● **AVAILABLE DATA**
◇ ◇ ◇ ◇ ◇

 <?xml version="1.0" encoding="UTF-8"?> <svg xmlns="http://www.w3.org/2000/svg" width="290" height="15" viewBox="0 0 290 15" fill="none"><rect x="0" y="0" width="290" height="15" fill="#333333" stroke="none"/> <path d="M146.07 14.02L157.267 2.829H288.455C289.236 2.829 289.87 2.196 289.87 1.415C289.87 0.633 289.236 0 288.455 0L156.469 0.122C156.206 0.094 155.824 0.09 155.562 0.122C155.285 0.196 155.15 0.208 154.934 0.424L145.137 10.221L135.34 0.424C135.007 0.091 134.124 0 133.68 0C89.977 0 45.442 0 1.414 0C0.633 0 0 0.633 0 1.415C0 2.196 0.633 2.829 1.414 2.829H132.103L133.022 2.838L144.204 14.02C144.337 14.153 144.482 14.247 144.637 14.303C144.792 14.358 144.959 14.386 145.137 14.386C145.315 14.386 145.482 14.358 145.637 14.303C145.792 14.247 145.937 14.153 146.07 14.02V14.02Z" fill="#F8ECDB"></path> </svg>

◇ ◇ ◇ ◇ ◇

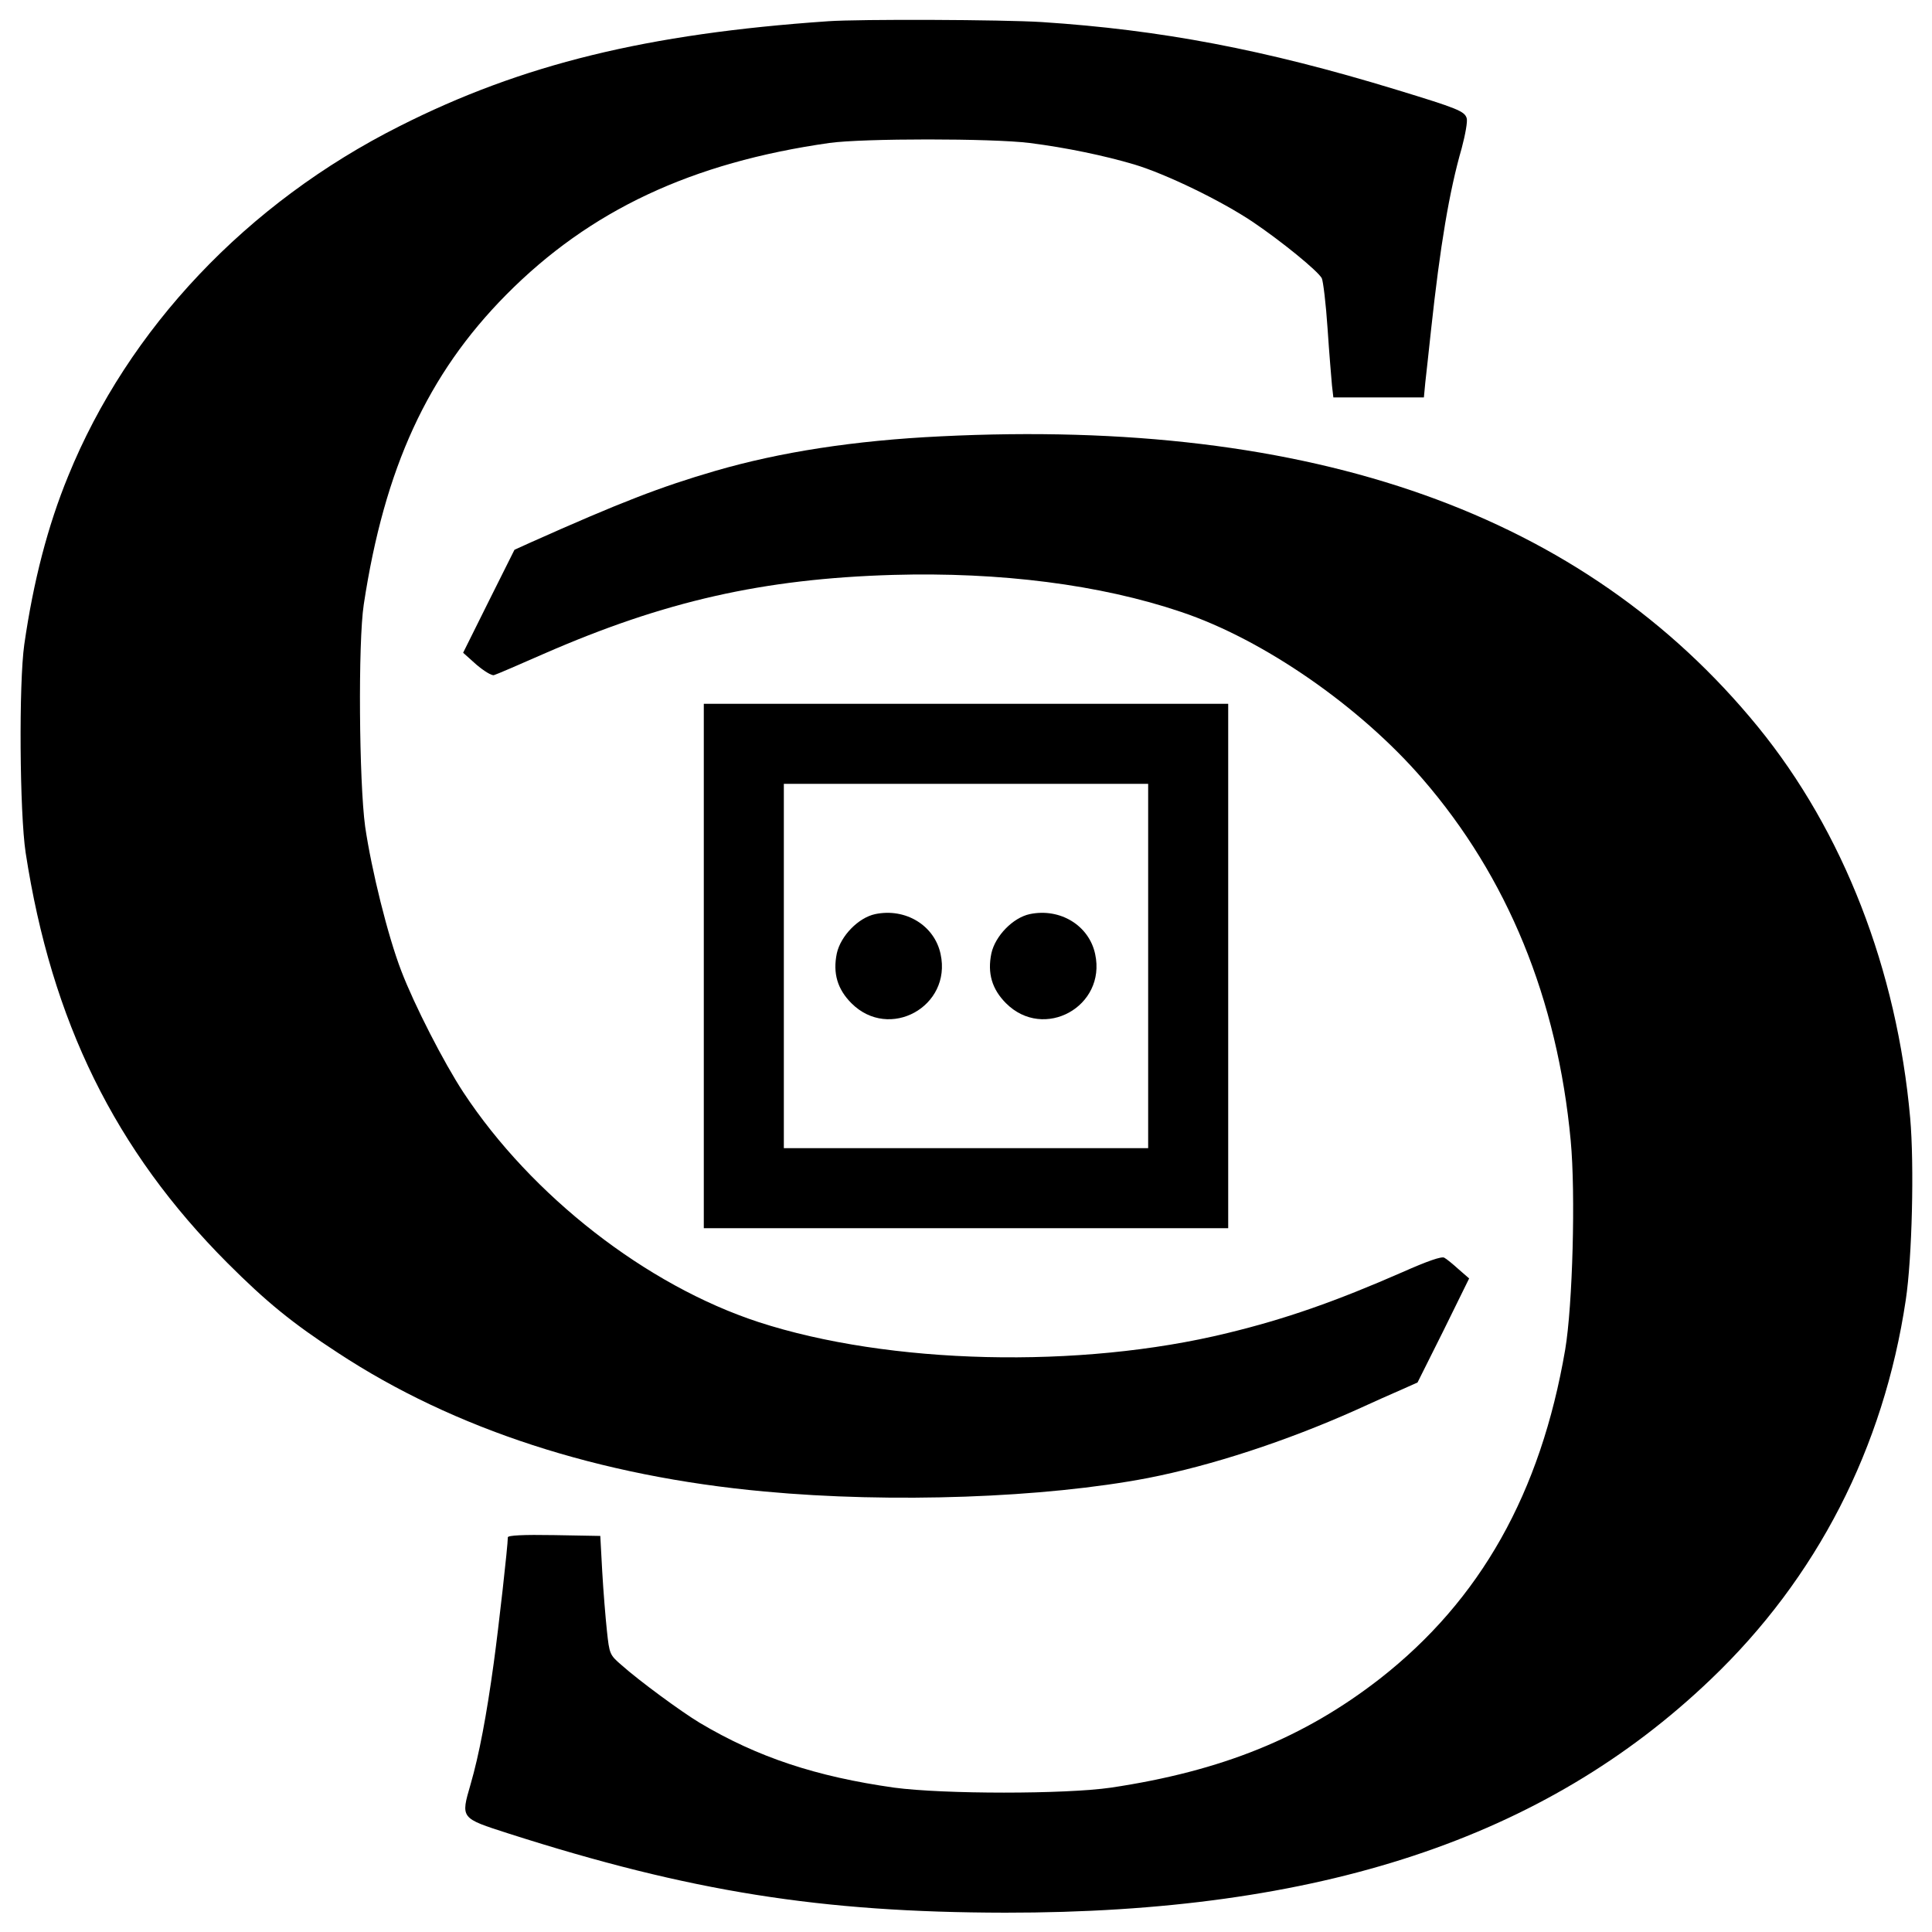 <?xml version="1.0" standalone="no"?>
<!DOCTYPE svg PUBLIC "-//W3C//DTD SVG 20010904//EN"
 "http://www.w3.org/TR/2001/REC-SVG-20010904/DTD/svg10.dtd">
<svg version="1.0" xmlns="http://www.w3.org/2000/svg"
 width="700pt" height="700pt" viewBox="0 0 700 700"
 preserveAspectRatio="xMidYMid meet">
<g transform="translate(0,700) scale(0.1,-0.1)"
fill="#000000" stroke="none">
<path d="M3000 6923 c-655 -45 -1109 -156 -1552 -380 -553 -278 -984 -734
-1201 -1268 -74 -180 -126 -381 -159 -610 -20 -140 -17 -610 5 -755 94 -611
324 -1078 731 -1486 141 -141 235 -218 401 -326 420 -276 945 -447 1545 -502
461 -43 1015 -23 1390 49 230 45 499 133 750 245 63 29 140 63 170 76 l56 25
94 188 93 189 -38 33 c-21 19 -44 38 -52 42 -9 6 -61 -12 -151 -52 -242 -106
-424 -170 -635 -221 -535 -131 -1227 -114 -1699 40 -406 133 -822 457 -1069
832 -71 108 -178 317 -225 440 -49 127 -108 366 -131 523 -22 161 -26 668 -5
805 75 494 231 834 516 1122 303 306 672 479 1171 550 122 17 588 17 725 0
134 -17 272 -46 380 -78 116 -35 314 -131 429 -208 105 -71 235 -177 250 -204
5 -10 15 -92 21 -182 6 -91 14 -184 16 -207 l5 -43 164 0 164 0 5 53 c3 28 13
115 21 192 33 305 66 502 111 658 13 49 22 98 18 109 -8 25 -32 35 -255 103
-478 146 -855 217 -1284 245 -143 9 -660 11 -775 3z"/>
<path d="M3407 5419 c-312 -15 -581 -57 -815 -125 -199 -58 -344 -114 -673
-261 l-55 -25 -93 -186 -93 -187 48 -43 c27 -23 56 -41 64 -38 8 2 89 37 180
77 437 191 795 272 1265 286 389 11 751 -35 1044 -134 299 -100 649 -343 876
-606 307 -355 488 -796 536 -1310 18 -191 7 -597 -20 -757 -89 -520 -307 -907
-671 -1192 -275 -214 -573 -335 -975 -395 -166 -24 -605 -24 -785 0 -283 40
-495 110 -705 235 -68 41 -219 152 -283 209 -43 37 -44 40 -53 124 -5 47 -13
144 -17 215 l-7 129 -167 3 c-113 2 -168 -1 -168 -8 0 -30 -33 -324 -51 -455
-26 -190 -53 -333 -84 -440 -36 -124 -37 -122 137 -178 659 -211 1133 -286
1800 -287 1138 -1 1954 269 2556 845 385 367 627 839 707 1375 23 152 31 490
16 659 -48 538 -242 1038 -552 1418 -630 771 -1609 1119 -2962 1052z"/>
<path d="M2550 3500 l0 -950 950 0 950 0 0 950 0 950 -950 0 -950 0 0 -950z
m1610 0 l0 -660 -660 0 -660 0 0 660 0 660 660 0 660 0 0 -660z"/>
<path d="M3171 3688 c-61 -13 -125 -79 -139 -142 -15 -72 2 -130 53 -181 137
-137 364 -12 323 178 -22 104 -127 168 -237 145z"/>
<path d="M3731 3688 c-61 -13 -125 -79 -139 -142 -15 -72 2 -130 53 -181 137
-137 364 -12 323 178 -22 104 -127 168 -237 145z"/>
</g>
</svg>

◇ ◇ ◇ ◇ ◇

● **REQUIRED ACTION**
All that should be written out is the stretch of lines above between the one holding "94 188 93 189" and the one holding "-495 110 -705", inclusive, exactly as given.

● **EXERCISE OUTPUT**
94 188 93 189 -38 33 c-21 19 -44 38 -52 42 -9 6 -61 -12 -151 -52 -242 -106
-424 -170 -635 -221 -535 -131 -1227 -114 -1699 40 -406 133 -822 457 -1069
832 -71 108 -178 317 -225 440 -49 127 -108 366 -131 523 -22 161 -26 668 -5
805 75 494 231 834 516 1122 303 306 672 479 1171 550 122 17 588 17 725 0
134 -17 272 -46 380 -78 116 -35 314 -131 429 -208 105 -71 235 -177 250 -204
5 -10 15 -92 21 -182 6 -91 14 -184 16 -207 l5 -43 164 0 164 0 5 53 c3 28 13
115 21 192 33 305 66 502 111 658 13 49 22 98 18 109 -8 25 -32 35 -255 103
-478 146 -855 217 -1284 245 -143 9 -660 11 -775 3z"/>
<path d="M3407 5419 c-312 -15 -581 -57 -815 -125 -199 -58 -344 -114 -673
-261 l-55 -25 -93 -186 -93 -187 48 -43 c27 -23 56 -41 64 -38 8 2 89 37 180
77 437 191 795 272 1265 286 389 11 751 -35 1044 -134 299 -100 649 -343 876
-606 307 -355 488 -796 536 -1310 18 -191 7 -597 -20 -757 -89 -520 -307 -907
-671 -1192 -275 -214 -573 -335 -975 -395 -166 -24 -605 -24 -785 0 -283 40
-495 110 -705 235 -68 41 -219 152 -283 209 -43 37 -44 40 -53 124 -5 47 -13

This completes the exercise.